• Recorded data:

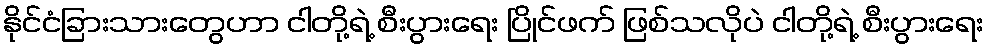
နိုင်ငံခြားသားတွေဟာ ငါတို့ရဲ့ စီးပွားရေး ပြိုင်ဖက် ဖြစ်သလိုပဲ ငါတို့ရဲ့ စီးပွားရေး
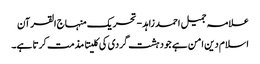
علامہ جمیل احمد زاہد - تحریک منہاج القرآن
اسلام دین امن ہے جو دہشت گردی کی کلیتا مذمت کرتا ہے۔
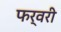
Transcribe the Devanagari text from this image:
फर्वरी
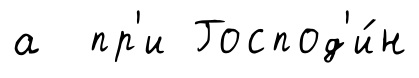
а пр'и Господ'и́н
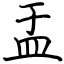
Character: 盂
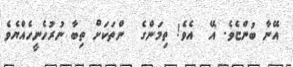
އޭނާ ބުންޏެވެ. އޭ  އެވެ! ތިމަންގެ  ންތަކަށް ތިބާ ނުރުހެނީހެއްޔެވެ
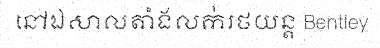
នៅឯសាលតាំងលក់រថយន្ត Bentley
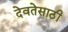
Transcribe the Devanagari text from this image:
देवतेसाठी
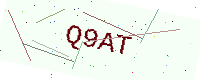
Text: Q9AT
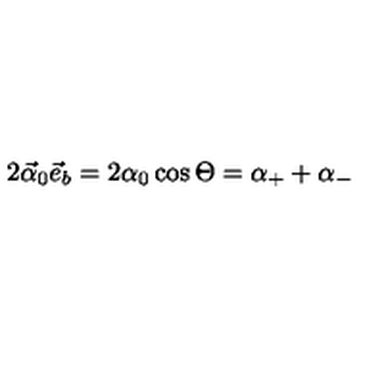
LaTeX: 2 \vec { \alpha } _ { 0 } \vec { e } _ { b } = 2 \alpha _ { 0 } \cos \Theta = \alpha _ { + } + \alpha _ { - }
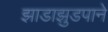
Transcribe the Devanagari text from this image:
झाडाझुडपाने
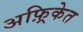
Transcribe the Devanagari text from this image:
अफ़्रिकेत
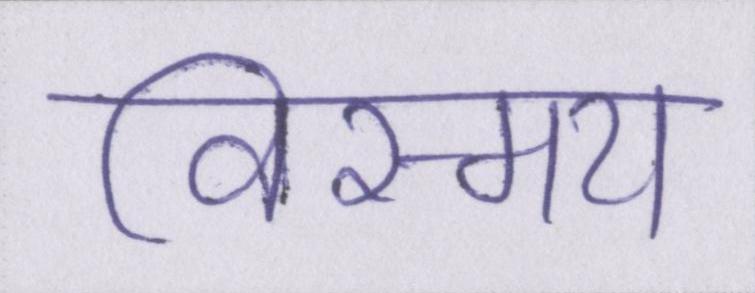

• Your goal: Nothing but the lines from the one containing "LaTeX: 2 \vec" through the last line of the data should appear in the answer, copied exactly, with pictures excluded.

• Your response:
LaTeX: 2 \vec { \alpha } _ { 0 } \vec { e } _ { b } = 2 \alpha _ { 0 } \cos \Theta = \alpha _ { + } + \alpha _ { - }
Transcribe the Devanagari text from this image:
झाडाझुडपाने
Transcribe the Devanagari text from this image:
अफ़्रिकेत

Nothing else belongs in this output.